Gérard Biard, rédacteur en chef de "Charlie Hebdo". 3 novembre 2020
[Les articles de la revue de presse sont sélectionnés à titre informatif et ne reflètent pas nécessairement la position du Comité Laïcité République.]
"L’assassinat de Samuel Paty a déclenché de la part de l’État une cascade de réactions à la mesure du choc ressenti par les institutions et l’ensemble de la société. Un certain nombre d’organismes et d’individus ont été mis en cause ou se sont retrouvés dans le collimateur des autorités. Il est question de fermeture de lieux de culte, d’interdiction d’associations, d’expulsion de « fichés S » et, bien entendu, de mises en examen diverses. Jusqu’à la direction bicéphale de l’Observatoire de la laïcité, organe gouvernemental censément chargé de faire respecter ce principe constitutionnel, qui est visée. Sur ce point, il est plus que temps. Jean-Louis Bianco et Nicolas Cadène, respectivement président et rapporteur général, sont à la laïcité ce que Chevallier et Laspalès sont à l’humour : un contresens de très mauvais goût.
Du côté des partisans du vivre-ensemble inclusif et de la lutte contre l’« islamophobie », on parle de « purges », de « surenchère », de « répression » aveugle et disproportionnée. Chez les mis en examen, on se déclare « abasourdi ». On en appelle à une « laïcité d’apaisement » – c’est semble-t-il la nouvelle trouvaille des anti-laïcs, après la « laïcité ouverte » et la « laïcité positive » –, dans laquelle l’État se tiendrait soigneusement à l’écart des affaires religieuses. Bref, on ne comprend pas un tel acharnement. Expliquons donc, une fois encore.
En France, la séparation des religions et de l’État repose sur un principe clair : ce sont les religions qui doivent se tenir à l’écart des affaires de l’État, et non l’État qui doit se tenir à l’écart des affaires religieuses. Quand le religieux s’immisce dans des domaines qui relèvent de l’État, ou met en péril la société et sa cohésion, l’État intervient. La loi de 1905 n’est pas une loi d’« apaisement », c’est une loi d’ordre public – les cultes ne dépendent pas du ministère du Bien-Être, mais du ministère de l’Intérieur. Elle punit de prison quiconque prononce ou diffuse, dans le cadre de l’exercice d’un culte, des discours qui appellent à résister à la loi, à enfreindre les principes fondamentaux de la République ou à opposer des citoyens les uns aux autres. Elle ne dit pas que l’État reconnaît toutes les religions, mais qu’il n’en reconnaît aucune. Ce qui signifie que les croyances religieuses sont des idées comme les autres. Elles ont droit de cité, comme toutes les autres idées, mais quand elles se révèlent politiquement ou socialement malfaisantes et dangereuses, on les combat, comme toutes les idées malfaisantes et dangereuses.

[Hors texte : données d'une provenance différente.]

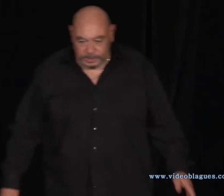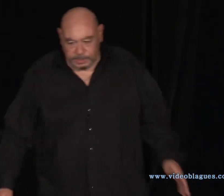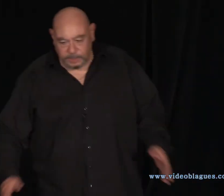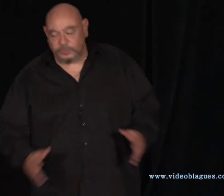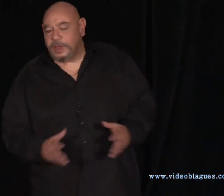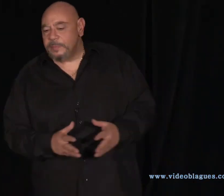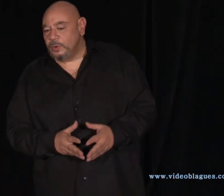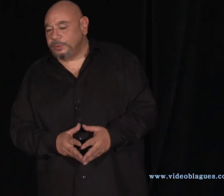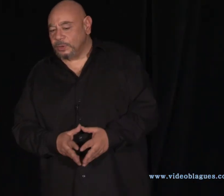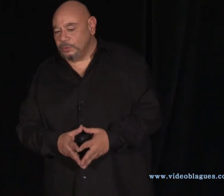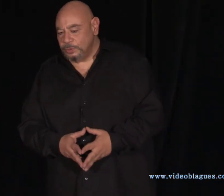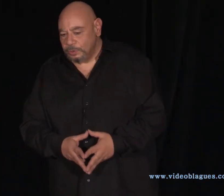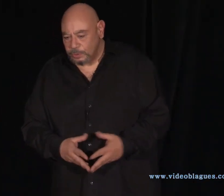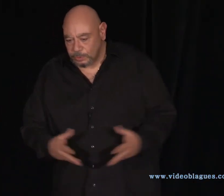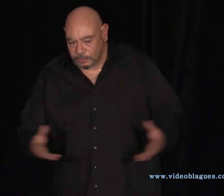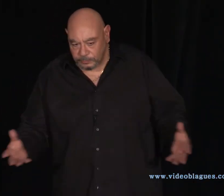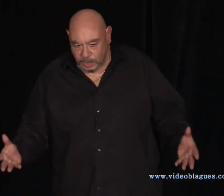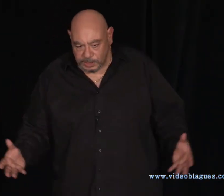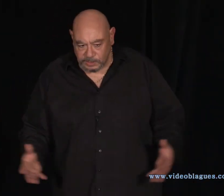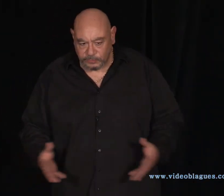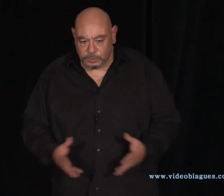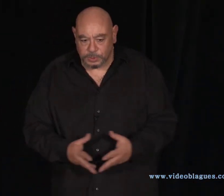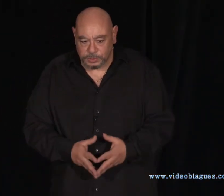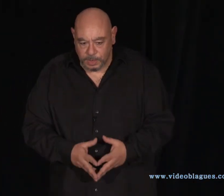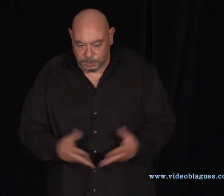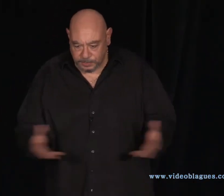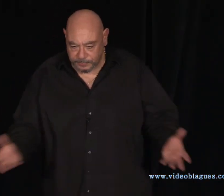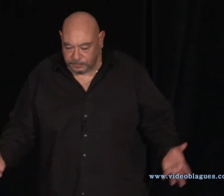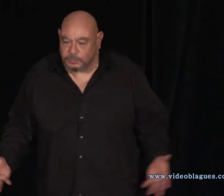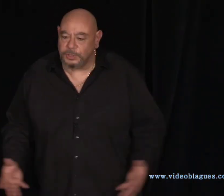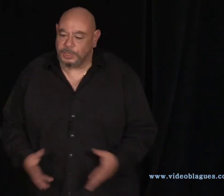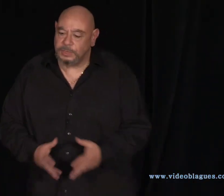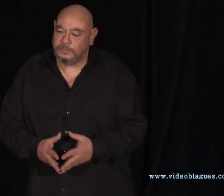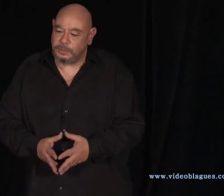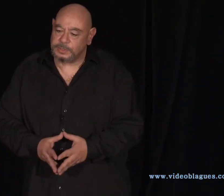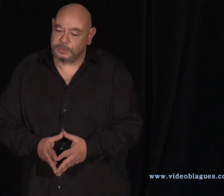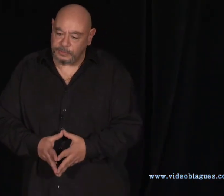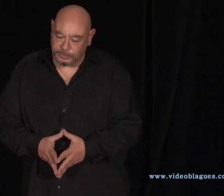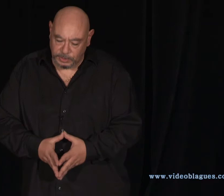Comme vous n'avez pas eu le temps de voir les infos de ce soir, je vais vous donner des nouvelles de Centrafrique.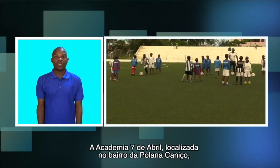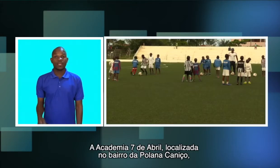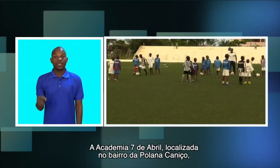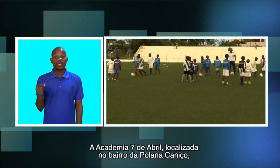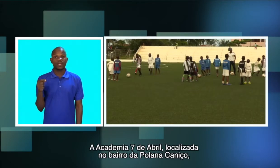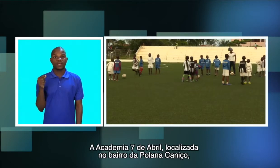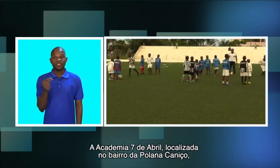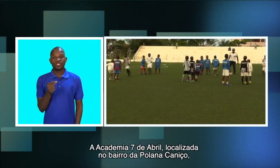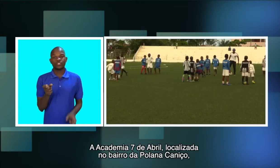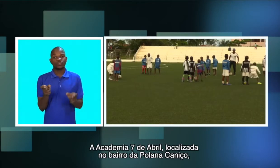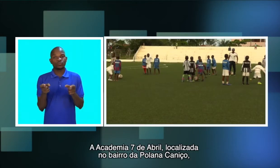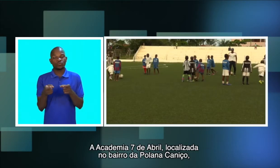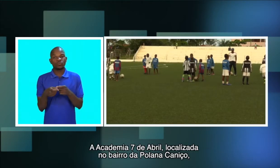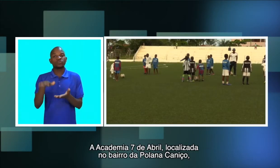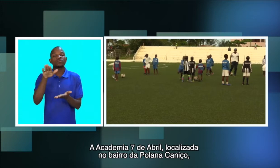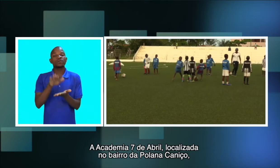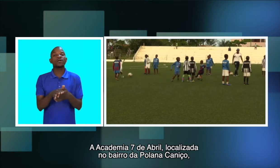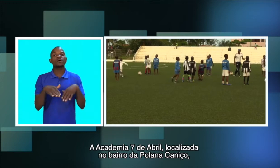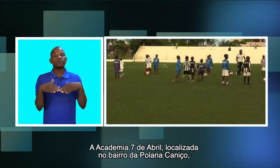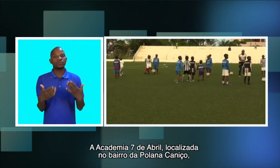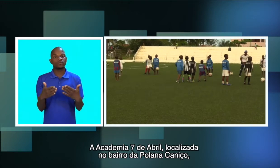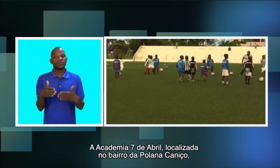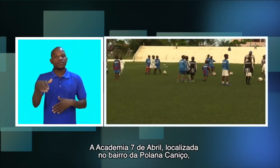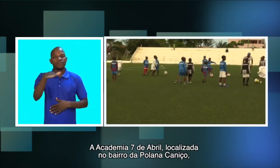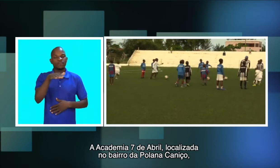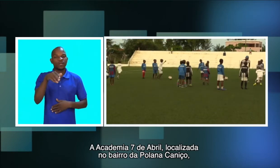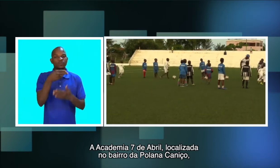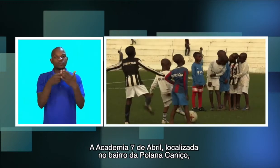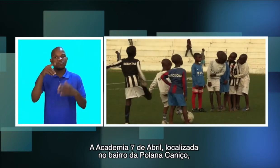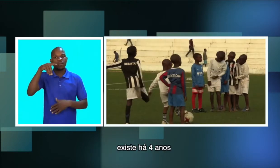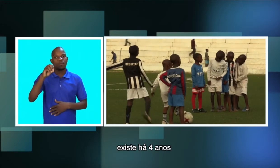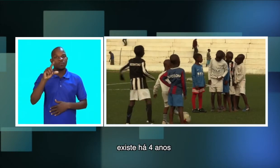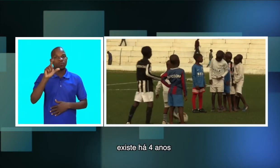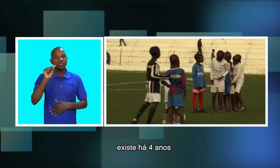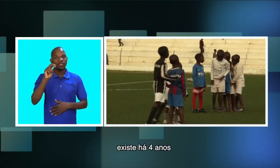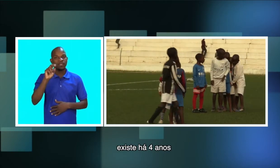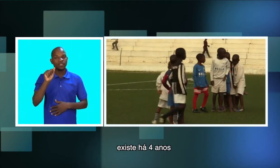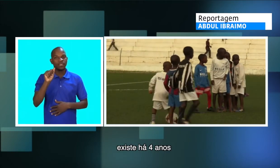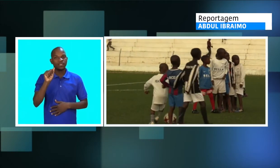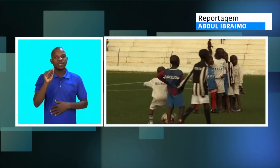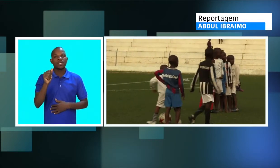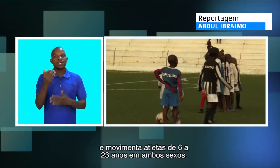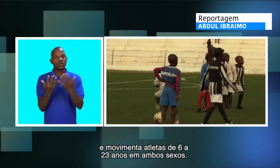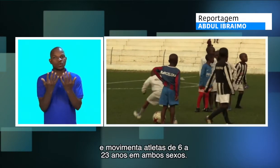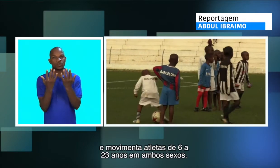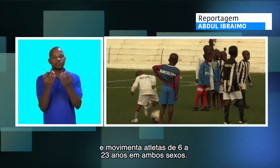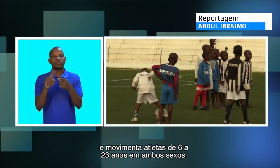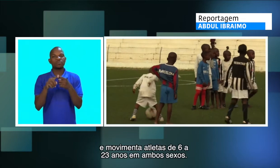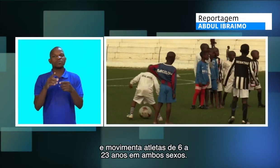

On ne peut pas empêcher les gens de penser ce qu’ils veulent – et c’est heureux. Mais on peut empêcher qu’une pensée se diffuse si l’on juge qu’elle est contraire aux principes fondamentaux démocratiques ou qu’elle constitue une menace. À plus forte raison une menace de mort. Certains lieux de culte, certaines associations, comme le Collectif Cheikh Yassine, certains individus, comme le parent d’élève auteur de la vidéo contre Samuel Paty ou l’« imam » Abdelhakim Sefrioui, sont des vecteurs de diffusion d’une idéologie politique totalitaire et haineuse. Que l’on veuille les empêcher de nuire davantage n’a rien d’illégitime. Ni d’antidémocratique. La fermeture de structures, la dissolution d’associations, l’interdiction d’exercice, la mise en examen d’individus font partie des outils à la disposition de la justice dans tous les États de droit.
Bien sûr, on peut s’interroger sur l’efficacité d’une loi ou d’une mesure. Mais l’efficacité s’éprouve sur le long terme. Dans un premier temps, la question qui prévaut est celle de la nécessité. Sachant que combattre l’islam politique sous toutes ses formes, et faire taire tous les prêcheurs de haine religieuse déguisés en samaritains sociaux, est le meilleur service à rendre aux croyants. Et à tous les citoyens."